What you will do:
List each line of the data that holds the word "CIRCLE".

───── Data for the task

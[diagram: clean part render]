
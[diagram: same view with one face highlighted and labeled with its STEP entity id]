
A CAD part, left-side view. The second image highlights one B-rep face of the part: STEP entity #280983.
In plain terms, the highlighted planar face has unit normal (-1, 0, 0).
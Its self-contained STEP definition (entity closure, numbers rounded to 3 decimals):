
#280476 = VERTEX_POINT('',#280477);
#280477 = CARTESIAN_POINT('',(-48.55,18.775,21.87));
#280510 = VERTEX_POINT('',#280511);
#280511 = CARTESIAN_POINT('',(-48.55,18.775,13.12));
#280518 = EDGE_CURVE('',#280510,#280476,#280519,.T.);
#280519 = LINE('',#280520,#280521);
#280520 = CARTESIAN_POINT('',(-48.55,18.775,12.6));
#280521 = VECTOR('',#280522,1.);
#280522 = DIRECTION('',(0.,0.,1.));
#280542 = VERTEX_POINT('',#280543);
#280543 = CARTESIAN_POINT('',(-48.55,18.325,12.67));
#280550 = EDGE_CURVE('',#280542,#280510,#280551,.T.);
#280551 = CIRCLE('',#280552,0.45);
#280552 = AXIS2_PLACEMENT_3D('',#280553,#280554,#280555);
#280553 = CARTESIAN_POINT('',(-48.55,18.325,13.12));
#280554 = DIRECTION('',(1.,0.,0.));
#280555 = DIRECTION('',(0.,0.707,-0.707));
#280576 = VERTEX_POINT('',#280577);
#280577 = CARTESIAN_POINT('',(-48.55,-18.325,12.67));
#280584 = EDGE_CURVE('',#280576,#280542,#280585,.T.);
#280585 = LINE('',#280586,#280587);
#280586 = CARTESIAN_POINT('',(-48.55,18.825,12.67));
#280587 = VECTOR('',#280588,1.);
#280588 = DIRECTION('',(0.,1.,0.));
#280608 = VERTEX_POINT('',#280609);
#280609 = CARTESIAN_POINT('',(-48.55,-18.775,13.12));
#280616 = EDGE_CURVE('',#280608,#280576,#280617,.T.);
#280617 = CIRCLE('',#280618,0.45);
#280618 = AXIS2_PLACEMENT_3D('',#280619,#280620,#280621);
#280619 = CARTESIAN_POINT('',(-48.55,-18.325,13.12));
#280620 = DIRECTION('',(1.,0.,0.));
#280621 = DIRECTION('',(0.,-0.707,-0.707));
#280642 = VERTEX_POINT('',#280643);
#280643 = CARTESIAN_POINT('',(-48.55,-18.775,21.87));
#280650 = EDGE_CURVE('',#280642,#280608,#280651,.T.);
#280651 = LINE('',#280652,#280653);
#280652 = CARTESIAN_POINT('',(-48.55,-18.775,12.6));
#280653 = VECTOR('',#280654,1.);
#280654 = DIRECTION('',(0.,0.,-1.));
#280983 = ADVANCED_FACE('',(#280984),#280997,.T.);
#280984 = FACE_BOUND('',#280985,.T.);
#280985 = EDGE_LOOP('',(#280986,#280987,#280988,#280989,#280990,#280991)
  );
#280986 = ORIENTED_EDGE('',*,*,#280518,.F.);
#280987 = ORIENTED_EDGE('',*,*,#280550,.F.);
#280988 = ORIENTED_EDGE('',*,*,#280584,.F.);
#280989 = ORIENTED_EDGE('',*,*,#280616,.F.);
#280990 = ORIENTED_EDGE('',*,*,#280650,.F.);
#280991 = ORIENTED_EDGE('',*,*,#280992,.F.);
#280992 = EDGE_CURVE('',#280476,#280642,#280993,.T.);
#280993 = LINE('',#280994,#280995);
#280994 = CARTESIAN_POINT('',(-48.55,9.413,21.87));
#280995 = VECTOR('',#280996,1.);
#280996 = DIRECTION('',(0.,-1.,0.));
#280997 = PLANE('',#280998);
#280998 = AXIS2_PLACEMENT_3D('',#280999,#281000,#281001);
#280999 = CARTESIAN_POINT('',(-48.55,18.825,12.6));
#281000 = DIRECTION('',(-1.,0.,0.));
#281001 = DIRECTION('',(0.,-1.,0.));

──────────

Output below:
#280551 = CIRCLE('',#280552,0.45);
#280617 = CIRCLE('',#280618,0.45);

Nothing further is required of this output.